Chris Lowe: Hey, Greg. “Tech Royalties” are a tiny subsector of crypto coins that pay you to hold them. Some of your subscribers are making more than 1,200% a year on just one of these projects you and Teeka recommended. And six of your other picks are yielding more than 100%.
We’ll get into Tech Royalties in a moment. But let’s start with the basics. How is it possible to earn income on crypto? For a lot of folks reading this, that’s a new concept.
Greg: It is. But they probably grasp the concept of income-producing investments.
You get dividend payments on some of your stocks, for example. These are regular cash payouts from a company’s profits. You also typically get interest income on bonds. They come with a “coupon.” It’s a regular, fixed-dollar cash payout.
So it’s not such a leap to understand that you can get income on cryptos. But crypto income is different from the income you earn on stocks and bonds.
You’re not buying a crypto coin and getting a percentage of a company’s free cash flow, like with stock dividends. You’re not getting regular coupon payments, like in the bond market.
Instead, the most common opportunity to earn income from cryptos is participating in a blockchain network. By performing useful functions, such as validating transactions or participating in governance, you get the chance to earn income.
Chris: As you mentioned, there are other sources of income in traditional financial markets. Why should folks bother with crypto income?

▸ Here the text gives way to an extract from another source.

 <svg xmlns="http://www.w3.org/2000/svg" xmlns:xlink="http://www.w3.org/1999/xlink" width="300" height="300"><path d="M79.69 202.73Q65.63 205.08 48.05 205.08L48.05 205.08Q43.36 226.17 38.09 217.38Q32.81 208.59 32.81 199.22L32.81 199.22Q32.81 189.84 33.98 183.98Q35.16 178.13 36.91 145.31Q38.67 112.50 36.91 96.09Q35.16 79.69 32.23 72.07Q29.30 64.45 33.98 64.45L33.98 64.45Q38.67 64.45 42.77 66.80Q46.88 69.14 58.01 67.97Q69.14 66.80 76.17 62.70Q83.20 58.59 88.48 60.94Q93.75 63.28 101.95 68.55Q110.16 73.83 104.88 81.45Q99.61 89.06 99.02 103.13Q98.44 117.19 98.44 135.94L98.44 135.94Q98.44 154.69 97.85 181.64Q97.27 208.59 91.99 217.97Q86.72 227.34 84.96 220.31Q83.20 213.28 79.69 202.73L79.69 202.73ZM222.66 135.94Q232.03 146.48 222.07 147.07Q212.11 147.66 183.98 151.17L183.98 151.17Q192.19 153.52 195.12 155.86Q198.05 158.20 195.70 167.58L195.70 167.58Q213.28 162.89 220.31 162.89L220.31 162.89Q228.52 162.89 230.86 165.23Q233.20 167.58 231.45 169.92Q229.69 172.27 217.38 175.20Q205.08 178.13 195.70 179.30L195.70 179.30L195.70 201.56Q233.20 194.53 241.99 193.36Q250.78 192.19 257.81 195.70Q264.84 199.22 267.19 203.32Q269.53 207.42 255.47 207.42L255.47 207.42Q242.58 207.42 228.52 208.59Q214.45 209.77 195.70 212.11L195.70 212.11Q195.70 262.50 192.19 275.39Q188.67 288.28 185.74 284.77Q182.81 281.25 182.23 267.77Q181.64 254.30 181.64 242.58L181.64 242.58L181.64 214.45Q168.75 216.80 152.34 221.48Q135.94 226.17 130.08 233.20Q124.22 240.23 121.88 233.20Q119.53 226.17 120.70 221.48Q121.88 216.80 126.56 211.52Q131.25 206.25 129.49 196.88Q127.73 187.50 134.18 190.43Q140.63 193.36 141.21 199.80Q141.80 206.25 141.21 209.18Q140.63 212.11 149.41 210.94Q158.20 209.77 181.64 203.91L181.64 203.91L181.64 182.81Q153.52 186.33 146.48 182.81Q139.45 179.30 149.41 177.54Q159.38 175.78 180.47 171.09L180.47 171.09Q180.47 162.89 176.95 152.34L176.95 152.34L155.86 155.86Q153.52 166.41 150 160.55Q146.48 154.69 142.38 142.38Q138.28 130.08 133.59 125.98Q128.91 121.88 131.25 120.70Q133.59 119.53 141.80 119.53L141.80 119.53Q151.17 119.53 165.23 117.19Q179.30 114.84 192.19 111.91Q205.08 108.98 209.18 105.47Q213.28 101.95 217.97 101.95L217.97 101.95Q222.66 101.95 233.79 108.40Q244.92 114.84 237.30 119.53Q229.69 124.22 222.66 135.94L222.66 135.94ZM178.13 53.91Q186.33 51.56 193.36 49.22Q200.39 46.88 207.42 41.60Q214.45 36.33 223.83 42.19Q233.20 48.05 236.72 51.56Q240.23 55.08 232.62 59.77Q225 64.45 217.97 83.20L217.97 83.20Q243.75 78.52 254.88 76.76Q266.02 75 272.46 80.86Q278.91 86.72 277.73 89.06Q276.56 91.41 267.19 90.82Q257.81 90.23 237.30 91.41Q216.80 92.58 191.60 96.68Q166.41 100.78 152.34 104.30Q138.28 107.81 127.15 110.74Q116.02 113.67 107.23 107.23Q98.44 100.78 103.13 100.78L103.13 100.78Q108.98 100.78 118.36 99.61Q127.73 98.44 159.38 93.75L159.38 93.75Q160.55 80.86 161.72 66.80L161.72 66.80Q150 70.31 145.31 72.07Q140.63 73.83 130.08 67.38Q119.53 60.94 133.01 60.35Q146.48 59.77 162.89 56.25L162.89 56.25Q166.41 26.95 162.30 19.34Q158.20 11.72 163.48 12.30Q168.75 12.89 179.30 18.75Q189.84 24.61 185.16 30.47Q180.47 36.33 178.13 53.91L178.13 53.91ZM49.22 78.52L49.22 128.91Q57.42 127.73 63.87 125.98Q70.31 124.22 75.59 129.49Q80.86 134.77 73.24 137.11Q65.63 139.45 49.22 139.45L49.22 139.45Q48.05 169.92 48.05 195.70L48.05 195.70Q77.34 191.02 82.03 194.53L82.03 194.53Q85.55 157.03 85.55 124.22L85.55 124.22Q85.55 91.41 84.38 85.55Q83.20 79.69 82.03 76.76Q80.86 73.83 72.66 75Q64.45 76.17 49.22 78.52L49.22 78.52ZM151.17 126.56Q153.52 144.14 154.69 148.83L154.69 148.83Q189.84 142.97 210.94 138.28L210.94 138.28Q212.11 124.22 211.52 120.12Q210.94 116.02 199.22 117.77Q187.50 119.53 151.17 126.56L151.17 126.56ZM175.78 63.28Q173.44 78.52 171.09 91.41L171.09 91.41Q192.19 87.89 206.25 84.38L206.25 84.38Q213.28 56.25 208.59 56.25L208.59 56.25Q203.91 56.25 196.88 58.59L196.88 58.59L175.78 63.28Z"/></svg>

Greg: The crypto income ecosystem is built on open, decentralized networks called blockchains. It’s the same technology that underpins bitcoin (BTC) and all other cryptos.
These networks are available to everyone in the world with an internet connection. Wealth, status, and location don’t determine access.

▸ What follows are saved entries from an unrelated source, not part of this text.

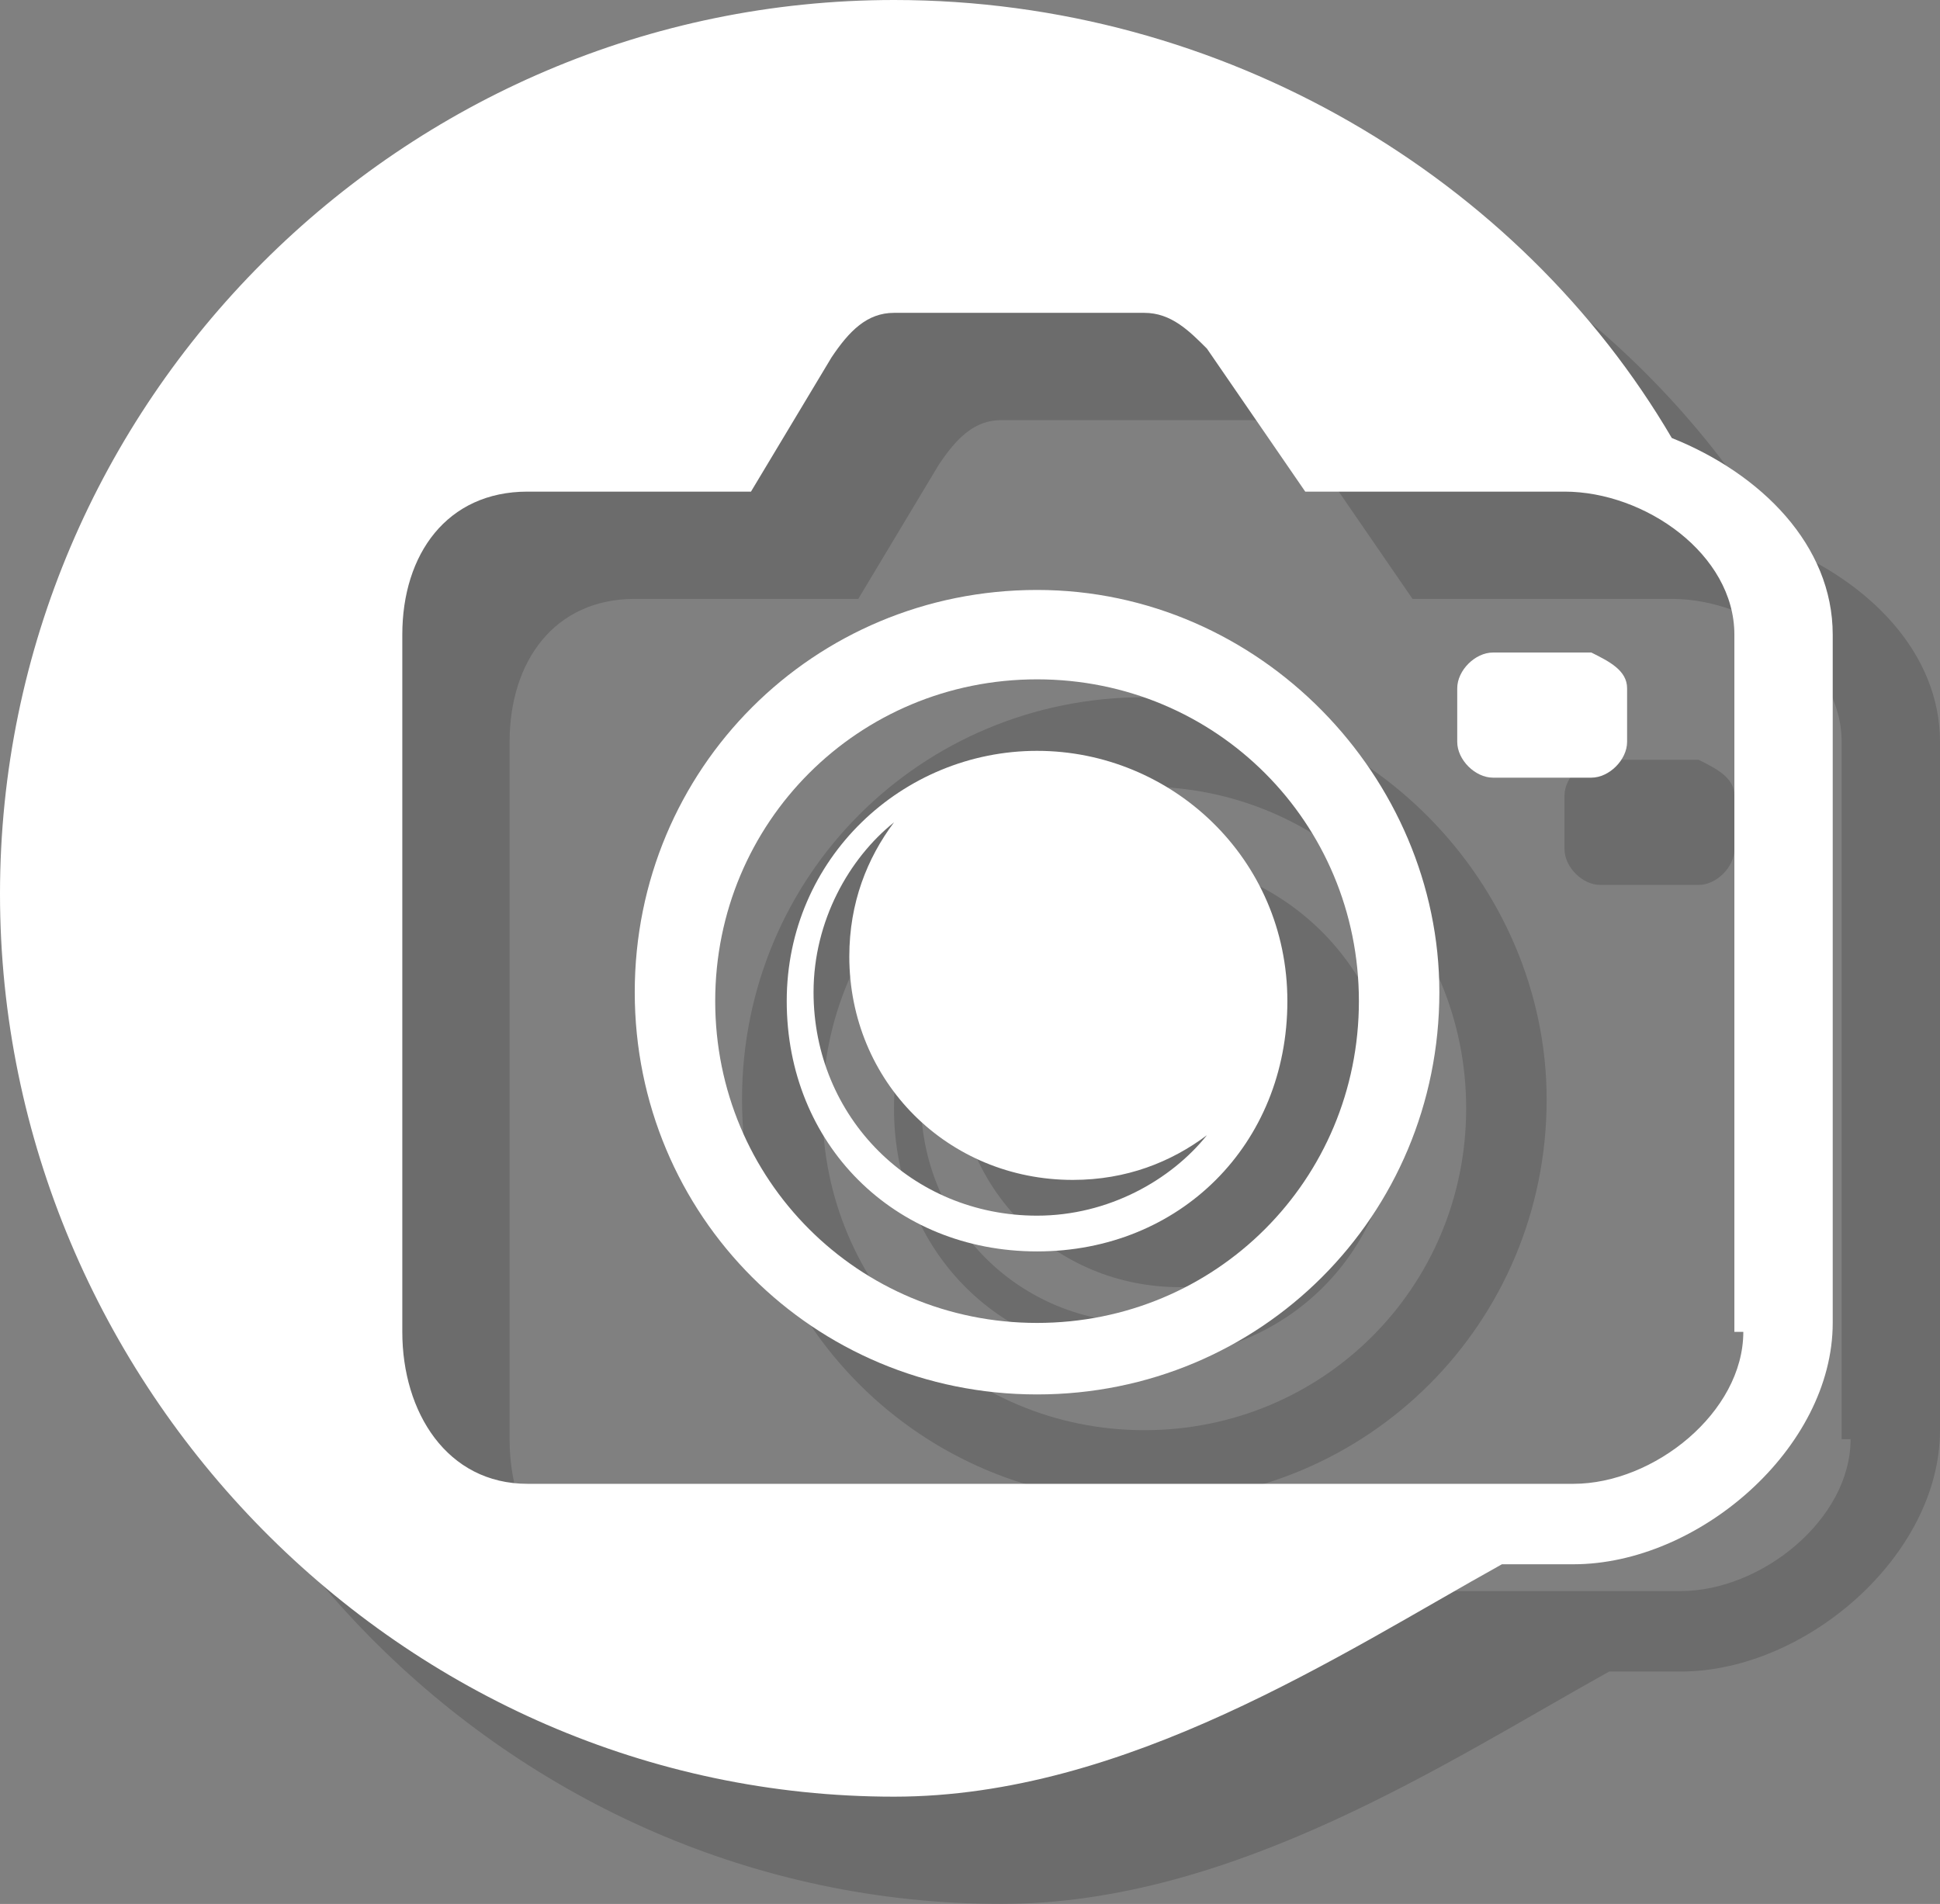 <?xml version="1.0" encoding="utf-8"?>
<!-- Generator: Adobe Illustrator 19.1.0, SVG Export Plug-In . SVG Version: 6.00 Build 0)  -->
<!DOCTYPE svg PUBLIC "-//W3C//DTD SVG 1.1//EN" "http://www.w3.org/Graphics/SVG/1.1/DTD/svg11.dtd">
<svg version="1.1" id="Layer_1" xmlns="http://www.w3.org/2000/svg" xmlns:xlink="http://www.w3.org/1999/xlink" x="0px" y="0px"
	 width="21.7px" height="21.3px" viewBox="-188 114.9 21.7 21.3" style="enable-background:new -188 114.9 21.7 21.3;"
	 xml:space="preserve">
<rect x="-188" y="114.9" width="21.7" height="21.3" fill="#808080" stroke="none"/>
<style type="text/css">
	.st0{opacity:0.16;enable-background:new    ;}
	.st1{fill:#FFFFFF;}
</style>
<path class="st0" d="M-168.6,123.8v0.6c0,0.2-0.2,0.4-0.4,0.4h-1.1c-0.2,0-0.4-0.2-0.4-0.4v-0.6c0-0.2,0.2-0.4,0.4-0.4h1.1
	C-168.8,123.5-168.6,123.6-168.6,123.8z"/>
<path class="st0" d="M-168.1,121c-1.7-2.9-5-4.9-8.7-4.9c-5.5,0-10,4.5-10,10s4.5,10.1,10,10.1c2.6,0,5-1.6,6.8-2.6h0.8
	c1.4,0,2.9-1.3,2.9-2.7v-7.7C-166.3,122.2-167.1,121.4-168.1,121z M-167.3,131c0,0.9-1,1.7-1.9,1.7h-11.7c-0.9,0-1.4-0.8-1.4-1.7
	v-7.8c0-0.9,0.5-1.6,1.4-1.6h2.5l0.9-1.5c0.2-0.3,0.4-0.5,0.7-0.5h2.8c0.3,0,0.5,0.2,0.7,0.4l1.1,1.6h2.9c0.9,0,1.9,0.7,1.9,1.6v7.8
	H-167.3z"/>
<path class="st0" d="M-175.2,122.7c-2.5,0-4.5,2-4.5,4.5s2,4.5,4.5,4.5s4.5-2,4.5-4.5C-170.7,124.8-172.7,122.7-175.2,122.7z
	 M-175.2,130.9c-2,0-3.6-1.6-3.6-3.6c0-2,1.6-3.6,3.6-3.6s3.6,1.6,3.6,3.6C-171.6,129.3-173.2,130.9-175.2,130.9z"/>
<path class="st0" d="M-175.2,124.5c-1.5,0-2.8,1.2-2.8,2.8s1.2,2.8,2.8,2.8c1.6,0,2.8-1.2,2.8-2.8S-173.7,124.5-175.2,124.5z
	 M-175.2,129.7c-1.4,0-2.5-1.1-2.5-2.5c0-0.8,0.4-1.5,0.9-1.9c-0.3,0.4-0.5,0.9-0.5,1.5c0,1.4,1.1,2.5,2.5,2.5
	c0.6,0,1.1-0.2,1.5-0.5C-173.7,129.3-174.4,129.7-175.2,129.7z"/>
<path class="st1" d="M-169.8,122.6v0.6c0,0.2-0.2,0.4-0.4,0.4h-1.1c-0.2,0-0.4-0.2-0.4-0.4v-0.6c0-0.2,0.2-0.4,0.4-0.4h1.1
	C-170,122.3-169.8,122.4-169.8,122.6z"/>
<path class="st1" d="M-169.3,119.8c-1.7-2.9-5-4.9-8.7-4.9c-5.5,0-10,4.5-10,10c0,5.5,4.5,10.1,10,10.1c2.6,0,5-1.6,6.8-2.6h0.8
	c1.4,0,2.9-1.3,2.9-2.7V122C-167.5,121-168.3,120.2-169.3,119.8z M-168.5,129.8c0,0.9-1,1.7-1.9,1.7h-11.7c-0.9,0-1.4-0.8-1.4-1.7
	V122c0-0.9,0.5-1.6,1.4-1.6h2.5l0.9-1.5c0.2-0.3,0.4-0.5,0.7-0.5h2.8c0.3,0,0.5,0.2,0.7,0.4l1.1,1.6h2.9c0.9,0,1.9,0.7,1.9,1.6v7.8
	H-168.5z"/>
<path class="st1" d="M-176.4,121.5c-2.5,0-4.5,2-4.5,4.5s2,4.5,4.5,4.5s4.5-2,4.5-4.5C-171.9,123.6-173.9,121.5-176.4,121.5z
	 M-176.4,129.7c-2,0-3.6-1.6-3.6-3.6s1.6-3.6,3.6-3.6s3.6,1.6,3.6,3.6S-174.4,129.7-176.4,129.7z"/>
<path class="st1" d="M-176.4,123.3c-1.5,0-2.8,1.2-2.8,2.8c0,1.6,1.2,2.8,2.8,2.8c1.6,0,2.8-1.2,2.8-2.8
	C-173.6,124.5-174.9,123.3-176.4,123.3z M-176.4,128.5c-1.4,0-2.5-1.1-2.5-2.5c0-0.8,0.4-1.5,0.9-1.9c-0.3,0.4-0.5,0.9-0.5,1.5
	c0,1.4,1.1,2.5,2.5,2.5c0.6,0,1.1-0.2,1.5-0.5C-174.9,128.1-175.6,128.5-176.4,128.5z"/>
</svg>

And because blockchains are decentralized, you don’t need a middleman such as a banker or a broker to confirm transactions. It all happens across the network through something called consensus.
Transparency and security are other big benefits. All transactions on the blockchain are publicly auditable. And nobody can tamper with records once they’re verified. That’s thanks to the blockchain’s decentralized design and use of advanced cryptography.
Chris: Can you give me a basic example of a crypto income project that’s up and running?
Greg: Sure. In 2019, crypto finance pioneer BlockFi launched the world’s first cryptocurrency-based savings account.
It’s called the BlockFi Interest Account. And it allows you to deposit bitcoin or ether (ETH) and earn up to 5% annual interest. The account pays you this in cryptocurrency every month.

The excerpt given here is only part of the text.